Hi,
that is a recurent question, I know. But I'd like to have a "official" opinion.
The story of the 0.9.2342 arc shows that it rely upon a big mistake during the
writing of the RFC 1274.
In fact 234219200300 is the X25 address of a node in the University College in
London.
Why not after all ?
But, the story also said that the 0.9.2342 arc was never really intronized (*)
as a part of the ITU-T main arc (0.)!
Nevertheless one of its OID, 0.9.2342.19200300.100.1.1, is used worldwide and
many RFC talk about it.

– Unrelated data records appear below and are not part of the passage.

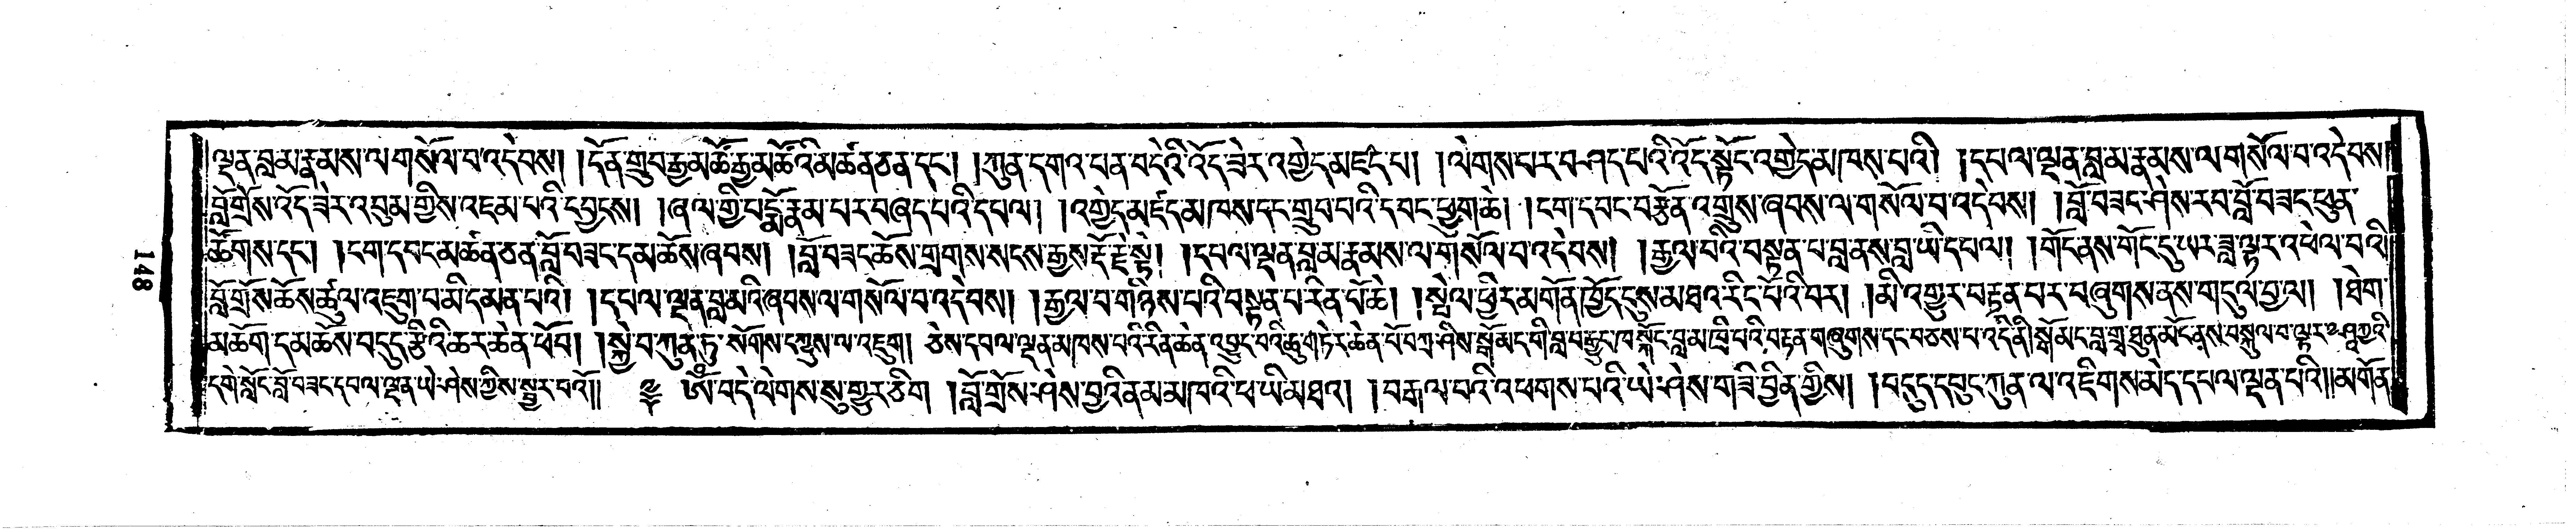ལྡན་བླ་མ་རྣམས་ལ་གསོལ་བ་འདེབས། །དོན་གྲུབ་རྒྱ་མཚོ་རྒྱ་མཚོའི་མཚན་ཅན་དང་། །ཀུན་དགའ་པན་བདེའི་འོད་ཟེར་འགྱེད་མཛད་པ། །ལེགས་པར་བཤད་པའི་འོད་སྟོང་འགྱེད་མཁས་པའི། །དཔལ་ལྡན་བླ་མ་རྣམས་ལ་གསོལ་བ་འདེབས།
བློ་གྲོས་འོད་ཟེར་འབུམ་གྱིས་འཇམ་པའི་དབྱངས། །ཞལ་གྱི་པདམོ་རྣམ་པར་བཞད་པའི་དཔལ། །འགྱེད་མཛད་མཁས་དང་གྲུབ་པའི་དབང་ཕྱུག་ཆེ། །ངག་དབང་བརྩོན་འགྲུས་ཞབས་ལ་གསོལ་བ་འདེབས། །བློ་བཟང་ཤེས་རབ་བློ་བཟང་ཕུན་
ཚོགས་དང་། །ངག་དབང་མཚན་ཅན་བློ་བཟང་དམ་ཆོས་ཞབས། །བློ་བཟང་ཆོས་གྲགས་སངས་རྒྱས་རྡོ་རྗེ་སྟེ། །དཔལ་ལྡན་བླ་མ་རྣམས་ལ་གསོལ་བ་འདེབས། །རྒྱལ་བའི་བསྟན་པ་བླ་ནས་བླ་ཡི་དཔལ། །གོང་ནས་གོང་དུ་ཡར་ཟླ་ལྟར་འཕེལ་བའི།
བློ་གྲོས་ཆོས་ཚུལ་འཇུག་བ་མི་དམན་པའི། །དཔལ་ལྡན་བླ་མའི་ཞབས་ལ་གསོལ་བ་འདེབས། །རྒྱལ་བ་གཉིས་པའི་བསྟན་པ་རིན་པོ་ཆེ། །སྤེལ་ཕྱིར་མགོན་ཁྱོད་དུས་མཐའ་རིང་པོའི་བར། །མི་འགྱུར་བརྟན་པར་བཞུགས་ནས་གདུལ་བྱ་ལ། །ཐེག་
མཆོག་དམ་ཆོས་བདུད་རྩིའི་ཆར་ཆེན་ཕོབ། །སྐྱེ་བ་ཀུན་ཏུ་སོགས་དཀྱུས་ལ་འཇུག། ཅེས་དཔལ་ལྡན་མཁས་པའི་རིན་ཆེན་འབྱུང་བའི་ཆུ་གཏེར་ཆེན་པོ་བཀྲ་ཤིས་སྒོ་མང་གི་བླ་བརྒྱུད་ཁ་སྐོང་བླ་མ་ཁྲི་བའི་བརྟན་གཞུགས་དང་བཅས་པ་འདི་ནི། སྒོ་མང་བླ་གྲྭ་ཐུན་མོང་ནས་བསྐུལ་བ་ལྟར་༧་ཤཱཀྱའི་
དགེ་སློང་བློ་བཟང་དཔལ་ལྡན་ཡེ་ཤེས་ཀྱིས་སྦྱར་བའོ།། ༈ ཨོཾ་བདེ་ལེགས་སུ་གྱུར་ཅིག །བློ་གྲོས་ཤེས་བྱའི་ནམ་མཁའི་ཕ་ཡི་མཐའ། །བརྒལ་བའི་འཕགས་པའི་ཡེ་ཤེས་གཟི་བྱིན་གྱིས། །བདུད་དབུང་ཀུན་ལ་འཇིགས་མེད་དཔལ་ལྡན་པའི། །མགོན་
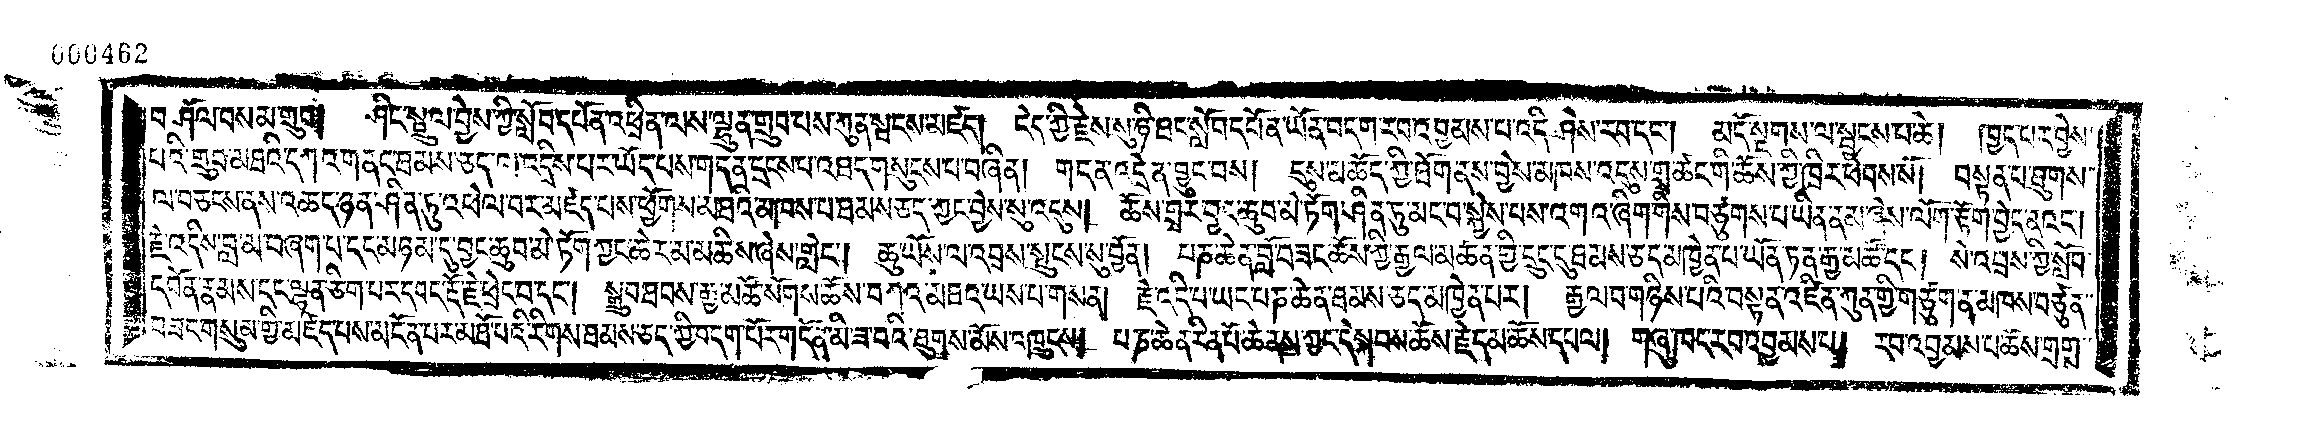བཤོལ་བསམ་གྲུབ། ཤིང་སྤྲུལ་བྱེས་ཀྱི་སློབ་དཔོན་འཕྲིན་ལས་ལྷུན་གྲུབ་པས་ཀུན་སྤངས་མཛད། ངེད་ཀྱི་རྗེས་སུ་ཉི་ཐང་སློབ་དཔོན་ཡོན་བདག་རབ་འབྱམས་པ་འདི་ཤེས་རབ་དང་། མདོ་སྔགས་ལ་སྦྱངས་པ་ཆེ། ཁྱད་པར་བྱེས་
པའི་གྲུབ་མཐའི་དཀའ་གནང་ཐམས་ཅད་ལ་འདྲིས་པར་ཡོད་པས་གདན་དྲངས་པ་འཐད་གསུངས་པ་བཞིན། གདན་འདྲེན་བྱུང་བས། དུས་མཆོད་ཀྱི་ཐོག་ནས་བྱེས་མཁས་འདུས་གྲྭ་ཚང་གི་ཆོས་ཀྱི་ཁྲིར་ཕེབས་སོ། བསྟན་པ་ཐུགས་
ལ་བཅངས་ནས་འཆད་ཉན་ཤིན་ཏུ་འཕེལ་བར་མཛད་པས་ཕྱོགས་མཐའི་མཁས་པ་ཐམས་ཅད་ཀྱང་བྱེས་སུ་འདུས། ཆོས་གྲྭར་བྱང་ཆུབ་མེ་ཏོག་ཤིན་ཏུ་མང་བ་སྐྱེས་པས་འགའ་ཞིག་གིས་བཙུགས་པ་ཡིན་ནམ་ཞེས་ལོག་རྟོག་བྱེད་ནའང་།
རྗེ་འདིས་བླ་མ་བཞག་པ་དང་མཉམ་དུ་བྱང་ཆུབ་མེ་ཏོག་ཀྱང་ཆེར་མ་མཆིས་ཞེས་གླེང་། ཆུ་ཡོས་ལ་འབྲས་སྤུངས་སུ་བྱོན། པཎ་ཆེན་བློ་བཟང་ཆོས་ཀྱི་རྒྱལ་མཚན་གྱི་དྲུང་དུ་ཐམས་ཅད་མཁྱེན་པ་ཡོན་ཏན་རྒྱ་མཚོ་དང་། སེ་འབྲས་ཀྱི་སློབ་
དཔོན་རྣམས་དང་ལྷན་ཅིག་པར་དབང་རྡོ་རྗེ་ཕྲེང་བ་དང་། སྒྲུབ་ཐབས་རྒྱ་མཚོ་སོགས་ཆོས་བཀའ་མཐའ་ཡས་པ་གསན། རྗེ་འདི་པ་ཡང་པཎ་ཆེན་ཐམས་ཅད་མཁྱེན་པར། རྒྱལ་བ་གཉིས་པའི་བསྟན་འཛིན་ཀུན་གྱི་གཙུག་ན་མཁས་བཙུན་
བཟང་གསུམ་གྱི་མཛད་པས་མངོན་པར་མཐོ་བའི་རིགས་ཐམས་ཅད་ཀྱི་བདག་པོར་གདོན་མི་ཟ་བའི་ཐུགས་མོས་འཁྲུངས། པཎ་ཆེན་རིན་པོ་ཆེ་ནས་ཀྱང་དེ་སྐབས་ཆོས་རྗེ་དམ་ཆོས་དཔལ། གཞུ་ཁང་རབ་འབྱམས་པ། རབ་འབྱམས་པ་ཆོས་གྲགས་
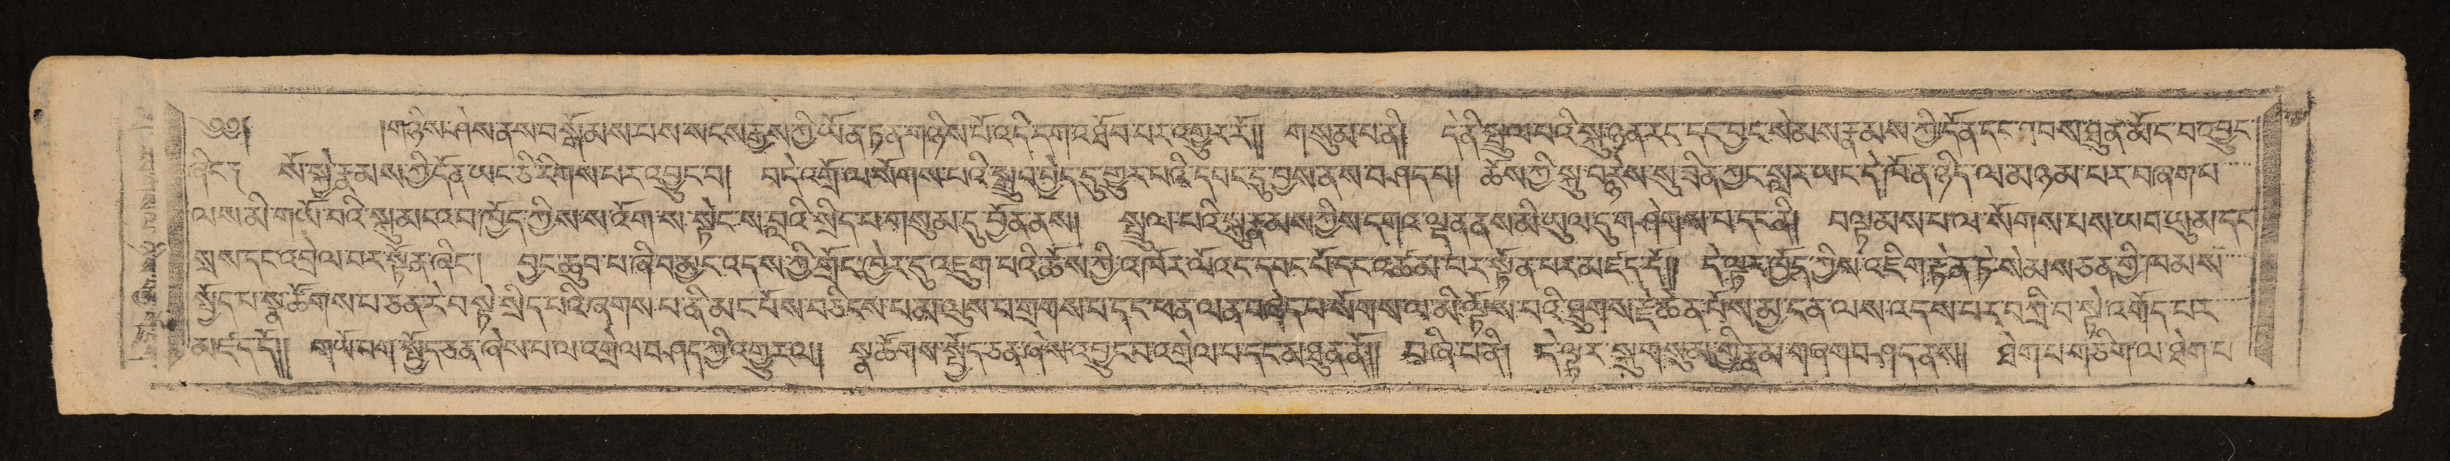༄༅། །གཉིས་ཤེས་ནས་བསྒོམས་པས་སངས་རྒྱས་ཀྱི་ཡོན་ཏན་གཉིས་པོ་འདི་དག་འཐོབ་པར་འགྱུར་རོ།། གསུམ་པ་ནི། ད་ནི་སྤྲུལ་པའི་སྐུ་ཉན་རང་དང་བྱང་སེམས་རྣམས་ཀྱི་དོན་དང་ཐབས་ཐུན་མོང་བ་འབྱུང་
ཞིང༑ སོ་སྐྱེ་རྣམས་ཀྱི་དོན་ཡང་ཅི་རིགས་པར་འབྱུང་བ། བདེ་འགྲོ་ལ་སོགས་པའི་སྒྲུབ་བྱེད་དུ་གྱུར་པའི་དབང་དུ་བྱས་ནས་བཤད་པ། ཆོས་ཀྱི་སྐུ་བརྙེས་སུ་ཟིན་ཀྱང་སླར་ཡང་དེ་ཁོ་ན་ཉིད་ལ་མཉམ་པར་བཞག་པ་
ལས་མི་གཡོ་བའི་སྐུ་མངའ་པ་ཁྱོད་ཀྱིས་ས་འོག་ས་སྟེང་ས་བླའི་སྲིད་པ་གསུམ་དུ་བྱོན་ནས། སྤྲུལ་པའི་སྐུ་རྣམས་ཀྱིས་དགའ་ལྡན་ནས་མི་ཡུལ་དུ་གཤེགས་པ་དང་ནི། བལྟམས་པ་ལ་སོགས་པས་ཡབ་ཡུམ་དང་
སྲས་དང་འབྲེལ་བར་སྟོན་ཞིང་། བྱང་ཆུབ་པ་ཞི་བ་མྱང་འདས་ཀྱི་གྲོང་ཁྱེར་དུ་འཇུག་པའི་ཆོས་ཀྱི་འཁོར་ལོའང་དབང་པོ་དང་འཚམ་པར་སྟོན་པར་མཛད་དོ།། དེ་ལྟར་ཁྱོད་ཀྱིས་འཇིག་རྟེན་ཏེ་སེམས་ཅན་གྱི་ཁམས་
སྤྱོད་པ་སྣ་ཚོགས་པ་ཅན་རེ་བ་སྟེ་སྲེད་པའི་ཞགས་པ་ནི་མང་པོས་བཅིངས་པ་མ་ལུས་པ་གྲགས་པ་དང་ཕན་ལན་བཞེད་པ་སོགས་ལ་མི་ལྟོས་པའི་ཐུགས་རྗེ་ཆེན་པོས་མྱ་ངན་ལས་འདས་པར་བཀྲི་བ་སྟེ་འགོད་པར་
མཛད་དོ།། གཡོ་བག་སྤྱོད་ཅན་ཞེས་པ་ལ་འགྲེལ་བཤད་ཀྱི་འགྱུར་ལ། སྣ་ཚོགས་སྤྱོད་ཅན་ཞེས་འབྱུང་བ་འགྲེལ་པ་དང་མཐུན་ནོ།། བཞི་པ་ནི། དེ་ལྟར་སྐུ་གསུམ་གྱི་རྣམ་གཞག་བཤད་ནས། ཐེག་པ་གཅིག་ལ་ཐེག་པ་

In RFC1274, section 9.3.1 it is defined as the computer
login name of a user in the project pilot COSINE for a X500 schema for the
Internet back in 1991.
Historically, these OIDs were created pratically as an example.
But today, see RFC 2798 and RFC3383, it is mapped onto an attribute of the
inetOrgPerson object in X500 dictionaries called userId and its official
identity is UID!
It also seems to be registered at IANA.
First question : consequently, are we allowed to use it ?
Second question. Why is it interpreted as UserId (or UID in some versions) by
openSSL and not systematically UID ?
Thank you,
--
db
(*) In RFC2798 it's written, for the .1.60 member of the family:
"Note: The jpegPhoto attribute type was defined for use in the
Internet X.500 pilots but no referencable definition for it
could be located."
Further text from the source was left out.